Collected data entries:
──────────

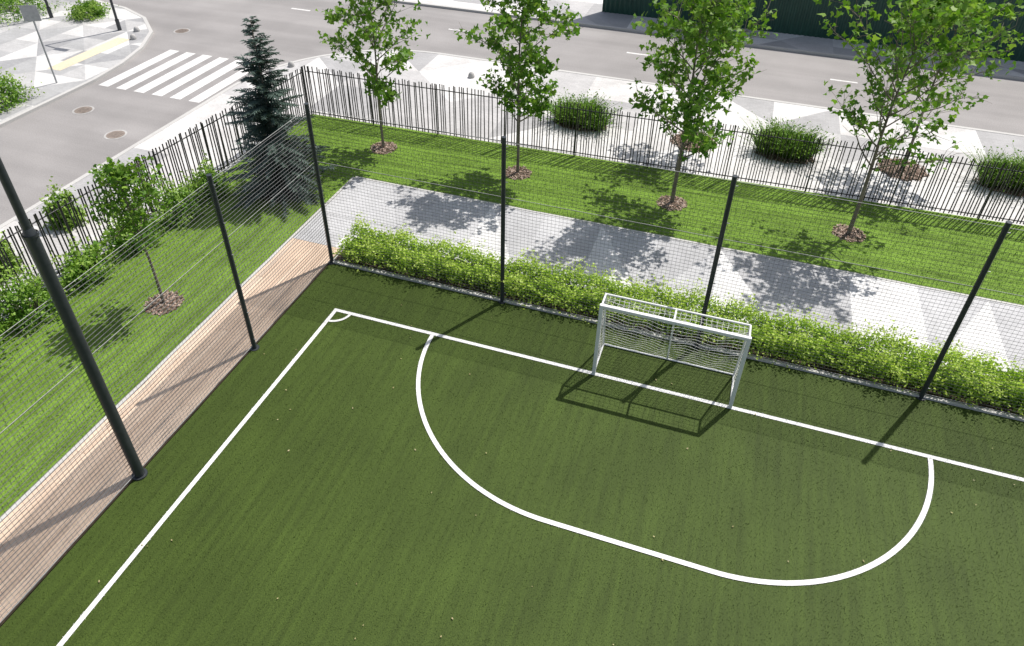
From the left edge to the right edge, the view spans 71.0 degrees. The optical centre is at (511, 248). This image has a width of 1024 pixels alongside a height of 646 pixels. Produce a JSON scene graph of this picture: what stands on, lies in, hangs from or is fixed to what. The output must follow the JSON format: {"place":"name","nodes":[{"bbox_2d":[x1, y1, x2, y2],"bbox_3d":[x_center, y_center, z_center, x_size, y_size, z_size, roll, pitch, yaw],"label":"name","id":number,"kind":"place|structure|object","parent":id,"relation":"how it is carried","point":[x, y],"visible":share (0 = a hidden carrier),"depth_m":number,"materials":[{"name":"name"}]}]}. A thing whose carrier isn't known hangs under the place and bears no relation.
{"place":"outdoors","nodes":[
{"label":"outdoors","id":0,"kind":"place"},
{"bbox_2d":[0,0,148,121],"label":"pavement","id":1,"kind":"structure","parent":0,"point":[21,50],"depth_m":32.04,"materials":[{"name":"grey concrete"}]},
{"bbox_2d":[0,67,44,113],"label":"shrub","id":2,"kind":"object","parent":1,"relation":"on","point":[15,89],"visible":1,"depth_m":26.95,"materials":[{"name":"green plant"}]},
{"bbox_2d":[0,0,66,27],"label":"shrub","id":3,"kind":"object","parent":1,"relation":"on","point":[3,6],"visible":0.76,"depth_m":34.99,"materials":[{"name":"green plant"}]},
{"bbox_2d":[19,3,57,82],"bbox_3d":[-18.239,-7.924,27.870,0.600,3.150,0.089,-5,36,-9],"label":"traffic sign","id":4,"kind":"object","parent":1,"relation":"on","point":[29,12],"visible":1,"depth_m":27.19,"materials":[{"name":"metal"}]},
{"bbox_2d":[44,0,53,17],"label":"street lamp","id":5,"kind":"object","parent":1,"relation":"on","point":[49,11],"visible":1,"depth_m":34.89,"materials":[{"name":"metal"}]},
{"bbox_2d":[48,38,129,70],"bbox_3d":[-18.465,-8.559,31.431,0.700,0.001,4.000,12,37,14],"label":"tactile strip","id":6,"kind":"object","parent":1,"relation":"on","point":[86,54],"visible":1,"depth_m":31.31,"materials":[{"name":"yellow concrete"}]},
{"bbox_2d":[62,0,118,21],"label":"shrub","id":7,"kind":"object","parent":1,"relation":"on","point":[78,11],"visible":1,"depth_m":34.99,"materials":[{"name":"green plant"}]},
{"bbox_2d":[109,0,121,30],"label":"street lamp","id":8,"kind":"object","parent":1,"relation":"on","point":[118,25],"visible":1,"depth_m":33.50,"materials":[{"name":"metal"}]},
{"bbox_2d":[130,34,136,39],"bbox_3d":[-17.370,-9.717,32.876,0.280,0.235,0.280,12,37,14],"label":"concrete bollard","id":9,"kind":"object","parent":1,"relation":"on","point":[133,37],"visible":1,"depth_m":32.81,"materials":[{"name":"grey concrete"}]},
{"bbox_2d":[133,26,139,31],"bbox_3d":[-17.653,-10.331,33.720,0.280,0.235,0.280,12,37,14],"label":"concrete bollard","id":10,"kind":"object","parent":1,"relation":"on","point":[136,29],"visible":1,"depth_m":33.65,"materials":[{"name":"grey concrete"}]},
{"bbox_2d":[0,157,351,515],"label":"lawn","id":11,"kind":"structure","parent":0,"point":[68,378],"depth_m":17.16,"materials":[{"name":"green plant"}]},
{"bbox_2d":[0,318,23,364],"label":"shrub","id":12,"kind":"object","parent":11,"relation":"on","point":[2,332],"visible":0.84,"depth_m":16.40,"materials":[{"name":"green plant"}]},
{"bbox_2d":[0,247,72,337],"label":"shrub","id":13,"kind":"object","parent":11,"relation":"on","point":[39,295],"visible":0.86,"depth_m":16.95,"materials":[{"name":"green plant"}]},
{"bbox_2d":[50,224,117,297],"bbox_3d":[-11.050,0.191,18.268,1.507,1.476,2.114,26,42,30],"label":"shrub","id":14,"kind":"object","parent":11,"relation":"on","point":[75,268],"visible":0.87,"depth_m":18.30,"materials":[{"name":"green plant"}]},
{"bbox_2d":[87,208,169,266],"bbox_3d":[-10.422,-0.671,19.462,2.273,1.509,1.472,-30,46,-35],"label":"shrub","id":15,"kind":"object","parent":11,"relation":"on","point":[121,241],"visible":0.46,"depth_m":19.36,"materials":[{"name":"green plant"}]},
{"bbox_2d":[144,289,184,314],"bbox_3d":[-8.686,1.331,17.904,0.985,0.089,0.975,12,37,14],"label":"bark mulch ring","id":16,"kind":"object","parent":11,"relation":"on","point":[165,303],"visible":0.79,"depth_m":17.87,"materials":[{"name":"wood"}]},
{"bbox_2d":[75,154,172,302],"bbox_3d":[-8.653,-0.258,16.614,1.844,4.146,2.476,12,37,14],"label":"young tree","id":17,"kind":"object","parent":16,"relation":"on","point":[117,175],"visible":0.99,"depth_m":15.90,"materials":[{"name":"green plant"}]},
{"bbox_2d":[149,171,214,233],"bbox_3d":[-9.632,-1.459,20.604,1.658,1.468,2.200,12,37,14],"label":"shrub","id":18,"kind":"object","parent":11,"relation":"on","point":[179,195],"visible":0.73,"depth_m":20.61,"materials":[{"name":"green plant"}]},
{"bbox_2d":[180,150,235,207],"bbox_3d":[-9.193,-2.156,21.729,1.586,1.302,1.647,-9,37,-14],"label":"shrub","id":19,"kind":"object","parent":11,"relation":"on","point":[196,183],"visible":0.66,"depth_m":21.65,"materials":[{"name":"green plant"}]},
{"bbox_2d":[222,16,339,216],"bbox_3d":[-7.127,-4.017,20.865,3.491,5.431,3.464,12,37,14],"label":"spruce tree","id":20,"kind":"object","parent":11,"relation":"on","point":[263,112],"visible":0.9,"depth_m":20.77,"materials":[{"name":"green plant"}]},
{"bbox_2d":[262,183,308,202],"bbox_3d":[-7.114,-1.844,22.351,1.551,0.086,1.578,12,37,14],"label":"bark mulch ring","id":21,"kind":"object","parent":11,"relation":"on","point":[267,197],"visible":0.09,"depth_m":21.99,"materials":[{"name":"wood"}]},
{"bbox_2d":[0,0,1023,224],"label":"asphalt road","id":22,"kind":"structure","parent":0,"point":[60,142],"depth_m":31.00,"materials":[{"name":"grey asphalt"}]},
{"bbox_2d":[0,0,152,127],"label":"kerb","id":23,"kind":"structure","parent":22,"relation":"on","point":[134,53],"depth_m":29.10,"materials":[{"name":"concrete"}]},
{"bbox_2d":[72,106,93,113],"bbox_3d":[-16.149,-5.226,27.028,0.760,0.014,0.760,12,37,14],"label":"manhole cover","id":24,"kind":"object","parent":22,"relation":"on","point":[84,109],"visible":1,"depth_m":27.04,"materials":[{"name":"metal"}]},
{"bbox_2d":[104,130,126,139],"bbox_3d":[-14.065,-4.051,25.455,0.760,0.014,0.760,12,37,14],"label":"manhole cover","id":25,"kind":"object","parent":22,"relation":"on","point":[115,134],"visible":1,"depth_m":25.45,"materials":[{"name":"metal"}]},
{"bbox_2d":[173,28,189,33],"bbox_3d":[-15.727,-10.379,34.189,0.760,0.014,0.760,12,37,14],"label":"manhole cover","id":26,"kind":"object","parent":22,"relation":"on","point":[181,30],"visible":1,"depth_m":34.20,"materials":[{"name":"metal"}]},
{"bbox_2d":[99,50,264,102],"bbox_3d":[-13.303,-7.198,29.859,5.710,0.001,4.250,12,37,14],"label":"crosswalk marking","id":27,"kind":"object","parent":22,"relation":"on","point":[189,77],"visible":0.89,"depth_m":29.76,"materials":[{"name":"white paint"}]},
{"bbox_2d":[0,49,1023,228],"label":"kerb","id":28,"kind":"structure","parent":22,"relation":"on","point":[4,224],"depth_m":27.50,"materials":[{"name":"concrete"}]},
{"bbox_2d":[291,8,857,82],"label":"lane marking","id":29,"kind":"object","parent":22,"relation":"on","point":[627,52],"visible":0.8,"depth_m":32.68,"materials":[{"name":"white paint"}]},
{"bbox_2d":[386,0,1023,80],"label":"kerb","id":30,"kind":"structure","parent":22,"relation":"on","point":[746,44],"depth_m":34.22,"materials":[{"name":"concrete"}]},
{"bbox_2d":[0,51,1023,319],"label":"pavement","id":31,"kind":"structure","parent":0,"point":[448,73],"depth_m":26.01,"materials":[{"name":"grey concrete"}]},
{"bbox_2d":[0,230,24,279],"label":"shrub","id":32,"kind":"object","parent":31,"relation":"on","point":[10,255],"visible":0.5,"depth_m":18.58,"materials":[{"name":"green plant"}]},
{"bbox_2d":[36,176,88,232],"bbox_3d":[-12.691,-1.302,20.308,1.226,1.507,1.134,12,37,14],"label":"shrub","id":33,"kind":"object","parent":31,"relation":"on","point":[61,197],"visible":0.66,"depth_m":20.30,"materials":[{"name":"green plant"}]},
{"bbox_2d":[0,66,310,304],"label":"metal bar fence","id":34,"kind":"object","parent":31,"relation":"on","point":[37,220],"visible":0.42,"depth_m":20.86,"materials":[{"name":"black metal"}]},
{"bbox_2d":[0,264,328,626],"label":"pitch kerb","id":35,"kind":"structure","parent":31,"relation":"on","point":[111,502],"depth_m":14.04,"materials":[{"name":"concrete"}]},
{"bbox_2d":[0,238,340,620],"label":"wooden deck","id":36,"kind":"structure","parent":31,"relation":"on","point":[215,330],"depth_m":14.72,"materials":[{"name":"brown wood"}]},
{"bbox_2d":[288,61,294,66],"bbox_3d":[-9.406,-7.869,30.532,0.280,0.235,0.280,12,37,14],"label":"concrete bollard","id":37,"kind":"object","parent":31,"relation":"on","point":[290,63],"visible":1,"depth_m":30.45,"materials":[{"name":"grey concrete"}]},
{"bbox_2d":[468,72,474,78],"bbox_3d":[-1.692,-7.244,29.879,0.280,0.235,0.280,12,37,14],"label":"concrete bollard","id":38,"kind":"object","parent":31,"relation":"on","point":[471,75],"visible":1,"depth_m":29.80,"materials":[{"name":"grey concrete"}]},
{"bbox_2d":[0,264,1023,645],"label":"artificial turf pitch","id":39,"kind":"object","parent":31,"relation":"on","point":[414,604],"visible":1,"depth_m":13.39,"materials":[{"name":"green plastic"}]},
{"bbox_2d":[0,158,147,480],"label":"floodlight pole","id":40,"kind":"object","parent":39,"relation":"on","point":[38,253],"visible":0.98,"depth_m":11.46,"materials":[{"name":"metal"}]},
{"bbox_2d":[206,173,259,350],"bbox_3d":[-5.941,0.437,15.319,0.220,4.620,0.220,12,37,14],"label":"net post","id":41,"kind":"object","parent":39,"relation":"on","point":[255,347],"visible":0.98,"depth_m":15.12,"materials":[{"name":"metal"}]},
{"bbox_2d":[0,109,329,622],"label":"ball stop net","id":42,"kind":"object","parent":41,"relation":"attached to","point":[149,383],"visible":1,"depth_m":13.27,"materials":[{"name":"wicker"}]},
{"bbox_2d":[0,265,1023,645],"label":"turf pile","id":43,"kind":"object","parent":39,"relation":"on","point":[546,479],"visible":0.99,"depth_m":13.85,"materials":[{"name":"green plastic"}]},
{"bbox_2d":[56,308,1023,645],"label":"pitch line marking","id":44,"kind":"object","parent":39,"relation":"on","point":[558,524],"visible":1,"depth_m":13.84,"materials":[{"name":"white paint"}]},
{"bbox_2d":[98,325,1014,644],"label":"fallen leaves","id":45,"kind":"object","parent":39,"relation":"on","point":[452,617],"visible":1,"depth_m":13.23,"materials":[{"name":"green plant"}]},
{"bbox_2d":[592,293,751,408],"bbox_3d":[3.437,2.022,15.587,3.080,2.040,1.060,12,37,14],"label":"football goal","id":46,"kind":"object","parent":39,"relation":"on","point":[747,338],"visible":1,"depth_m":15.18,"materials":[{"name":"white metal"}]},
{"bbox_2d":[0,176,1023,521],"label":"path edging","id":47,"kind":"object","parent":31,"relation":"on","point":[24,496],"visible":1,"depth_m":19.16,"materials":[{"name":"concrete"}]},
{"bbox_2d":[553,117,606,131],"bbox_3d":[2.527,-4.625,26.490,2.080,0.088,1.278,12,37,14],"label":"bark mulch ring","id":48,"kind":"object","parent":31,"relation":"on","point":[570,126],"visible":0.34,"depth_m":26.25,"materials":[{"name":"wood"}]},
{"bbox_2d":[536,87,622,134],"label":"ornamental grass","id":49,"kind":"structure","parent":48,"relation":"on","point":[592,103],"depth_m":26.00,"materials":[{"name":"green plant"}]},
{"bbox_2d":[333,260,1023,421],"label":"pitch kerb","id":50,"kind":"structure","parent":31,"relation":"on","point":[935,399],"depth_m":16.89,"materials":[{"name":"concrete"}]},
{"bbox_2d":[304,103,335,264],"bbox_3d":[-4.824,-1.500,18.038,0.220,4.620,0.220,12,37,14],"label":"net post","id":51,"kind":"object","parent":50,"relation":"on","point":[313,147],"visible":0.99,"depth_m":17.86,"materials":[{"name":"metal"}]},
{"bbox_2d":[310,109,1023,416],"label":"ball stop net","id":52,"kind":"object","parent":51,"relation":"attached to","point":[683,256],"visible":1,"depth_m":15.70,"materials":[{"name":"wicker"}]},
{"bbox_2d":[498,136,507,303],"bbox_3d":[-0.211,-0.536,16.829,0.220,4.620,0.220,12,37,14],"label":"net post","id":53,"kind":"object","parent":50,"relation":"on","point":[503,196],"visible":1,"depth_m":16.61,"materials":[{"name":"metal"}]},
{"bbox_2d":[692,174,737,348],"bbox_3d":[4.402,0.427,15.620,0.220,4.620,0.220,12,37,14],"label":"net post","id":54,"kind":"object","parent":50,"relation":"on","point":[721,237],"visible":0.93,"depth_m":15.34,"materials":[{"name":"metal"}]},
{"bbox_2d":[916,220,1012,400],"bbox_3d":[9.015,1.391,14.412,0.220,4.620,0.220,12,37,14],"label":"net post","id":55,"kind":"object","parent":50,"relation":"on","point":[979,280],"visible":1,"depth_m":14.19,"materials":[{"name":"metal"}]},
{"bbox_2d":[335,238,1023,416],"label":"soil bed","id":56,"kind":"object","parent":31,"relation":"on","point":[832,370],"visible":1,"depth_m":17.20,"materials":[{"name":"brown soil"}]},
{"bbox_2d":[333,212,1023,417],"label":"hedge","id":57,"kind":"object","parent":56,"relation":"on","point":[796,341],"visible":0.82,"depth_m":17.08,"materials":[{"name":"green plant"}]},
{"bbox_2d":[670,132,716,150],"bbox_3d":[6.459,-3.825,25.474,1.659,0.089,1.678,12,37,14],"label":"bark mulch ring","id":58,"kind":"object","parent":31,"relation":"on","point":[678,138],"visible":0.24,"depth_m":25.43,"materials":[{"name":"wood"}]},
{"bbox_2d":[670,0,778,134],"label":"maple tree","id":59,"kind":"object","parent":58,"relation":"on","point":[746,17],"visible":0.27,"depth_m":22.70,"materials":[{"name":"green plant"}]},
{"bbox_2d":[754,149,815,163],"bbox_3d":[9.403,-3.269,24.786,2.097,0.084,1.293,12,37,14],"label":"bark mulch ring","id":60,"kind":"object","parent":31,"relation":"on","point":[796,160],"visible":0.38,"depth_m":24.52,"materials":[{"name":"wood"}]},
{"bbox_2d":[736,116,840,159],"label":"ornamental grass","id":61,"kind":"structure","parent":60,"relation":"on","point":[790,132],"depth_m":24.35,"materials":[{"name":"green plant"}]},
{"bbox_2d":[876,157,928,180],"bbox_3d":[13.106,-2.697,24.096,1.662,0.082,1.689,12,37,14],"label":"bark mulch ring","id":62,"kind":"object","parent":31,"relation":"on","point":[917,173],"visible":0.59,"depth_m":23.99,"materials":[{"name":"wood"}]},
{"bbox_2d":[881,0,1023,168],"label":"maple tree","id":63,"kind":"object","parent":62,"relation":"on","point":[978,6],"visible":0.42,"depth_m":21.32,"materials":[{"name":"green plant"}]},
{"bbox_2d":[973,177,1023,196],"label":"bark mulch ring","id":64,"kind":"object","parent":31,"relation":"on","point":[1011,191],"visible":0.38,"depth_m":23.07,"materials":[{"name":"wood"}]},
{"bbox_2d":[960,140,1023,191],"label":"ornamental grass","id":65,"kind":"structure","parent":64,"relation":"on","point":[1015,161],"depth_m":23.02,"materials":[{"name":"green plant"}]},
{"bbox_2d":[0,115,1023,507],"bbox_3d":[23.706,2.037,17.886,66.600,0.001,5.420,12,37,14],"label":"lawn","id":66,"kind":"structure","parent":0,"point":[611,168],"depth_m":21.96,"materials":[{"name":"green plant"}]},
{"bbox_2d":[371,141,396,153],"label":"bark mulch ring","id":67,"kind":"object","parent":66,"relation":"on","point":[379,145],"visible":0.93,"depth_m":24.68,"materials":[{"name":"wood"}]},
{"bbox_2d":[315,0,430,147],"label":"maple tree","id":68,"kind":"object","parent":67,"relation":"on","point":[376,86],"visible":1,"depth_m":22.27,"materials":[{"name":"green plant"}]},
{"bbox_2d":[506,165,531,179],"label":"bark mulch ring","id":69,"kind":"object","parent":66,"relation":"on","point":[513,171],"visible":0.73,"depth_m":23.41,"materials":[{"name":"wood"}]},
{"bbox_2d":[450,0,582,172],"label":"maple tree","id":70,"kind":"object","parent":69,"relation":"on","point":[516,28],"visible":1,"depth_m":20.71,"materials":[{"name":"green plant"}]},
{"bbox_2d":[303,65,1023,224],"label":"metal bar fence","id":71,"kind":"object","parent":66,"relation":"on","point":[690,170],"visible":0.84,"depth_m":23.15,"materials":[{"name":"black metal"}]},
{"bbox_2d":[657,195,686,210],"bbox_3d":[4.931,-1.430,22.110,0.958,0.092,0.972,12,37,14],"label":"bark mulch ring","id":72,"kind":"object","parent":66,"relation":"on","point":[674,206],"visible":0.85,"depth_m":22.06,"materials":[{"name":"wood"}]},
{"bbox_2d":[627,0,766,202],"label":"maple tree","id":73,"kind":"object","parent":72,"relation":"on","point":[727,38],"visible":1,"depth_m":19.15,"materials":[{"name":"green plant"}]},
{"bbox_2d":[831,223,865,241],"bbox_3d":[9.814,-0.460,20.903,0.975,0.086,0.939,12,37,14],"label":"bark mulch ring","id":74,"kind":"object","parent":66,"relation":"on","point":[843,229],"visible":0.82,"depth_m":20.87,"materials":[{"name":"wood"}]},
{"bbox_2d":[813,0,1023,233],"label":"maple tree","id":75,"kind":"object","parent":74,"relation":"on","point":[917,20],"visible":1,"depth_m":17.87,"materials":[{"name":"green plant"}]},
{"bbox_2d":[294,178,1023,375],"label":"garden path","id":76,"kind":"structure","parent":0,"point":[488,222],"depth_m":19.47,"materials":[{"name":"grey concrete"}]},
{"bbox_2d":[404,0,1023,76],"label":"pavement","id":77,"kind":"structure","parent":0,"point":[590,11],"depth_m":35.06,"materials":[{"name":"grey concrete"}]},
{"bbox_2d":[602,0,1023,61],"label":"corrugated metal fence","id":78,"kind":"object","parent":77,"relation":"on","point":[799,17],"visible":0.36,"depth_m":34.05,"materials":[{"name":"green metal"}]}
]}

──────────

*What you need to do*:
For every line in the data above that has the string "ornamental", return that line.

*Your solution*:
{"bbox_2d":[536,87,622,134],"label":"ornamental grass","id":49,"kind":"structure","parent":48,"relation":"on","point":[592,103],"depth_m":26.00,"materials":[{"name":"green plant"}]},
{"bbox_2d":[736,116,840,159],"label":"ornamental grass","id":61,"kind":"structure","parent":60,"relation":"on","point":[790,132],"depth_m":24.35,"materials":[{"name":"green plant"}]},
{"bbox_2d":[960,140,1023,191],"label":"ornamental grass","id":65,"kind":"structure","parent":64,"relation":"on","point":[1015,161],"depth_m":23.02,"materials":[{"name":"green plant"}]},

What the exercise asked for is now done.